TRBP and PACT have different functions. Although TRBP preferentially binds to simple duplex RNA, PACT inhibits Dicer-mediated dsRNA cleavage for siRNA production . Unlike PACT, the cleavage site for Dicer-TRBP shifts when compared to cleavage by Dicer alone . PACT and TRBP have no redundant effects on the production of isomiRs , different-sized miRNAs that alter the downstream target-binding specificities. Such differences in dsRNA recognition and processing behavior are attributed to two N-terminal RNA-binding domains in each protein.
Several studies have addressed the TRBP-mediated maturation of specific miRNAs and its effect on downstream pathways.
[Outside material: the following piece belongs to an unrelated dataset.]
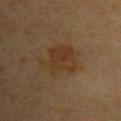This lesion was catalogued during total-body skin photography and was not selected for biopsy. A female patient about 55 years old. This is a cross-polarized tile. The total-body-photography lesion software estimated a lesion–skin lightness drop of about 5 and a normalized border contrast of about 7. A 15 mm close-up tile from a total-body photography series done for melanoma screening. From the upper back. The lesion's longest dimension is about 5 mm.

It was reported that the TRBP-mediated maturation of miR-208a decreased the expression level of SRY-Box Transcription Factor 6 (Sox6), which is required for normal heart function . It was also reported that disruptions of TRBP-dependent maturations of tumor suppressor certain miRNAs (TS-miRs), miR-143 and miR-145, were related to the self-renewal and tumor maintenance of cancer stem cells . These results suggest that TRBP regulates biogenesis and the downstream gene regulatory pathways of specific miRNAs.
In virus infected mammalian cells, virus-derived RNAs are captured by viral sensor proteins such as retinoic acid-inducible gene I-like receptors (RLRs), inducing the production of type I interferon . Recently, we reported that the TRBP-mediated maturations of pre-miRNAs were inhibited through the competitive binding of the laboratory of genetics and physiology 2 (LGP2) to Dicer–TRBP interaction during Sendai virus infection . Interferons enhanced the expression of LGP2, which interacted with TRBP to inhibit the Dicer–TRBP interaction . Following LGP2-dependent inhibition of Dicer–TRBP interaction, the maturations of TRBP-bound pre-miRNAs, including miR-106b, were suppressed. The inhibition of the maturation of such miRNAs increased the expression of apoptosis-related genes downstream of miRNA processing. This finding suggested that the crosstalk between antiviral response and miRNA biogenesis is regulated by TRBP binding to the specific pre-miRNAs.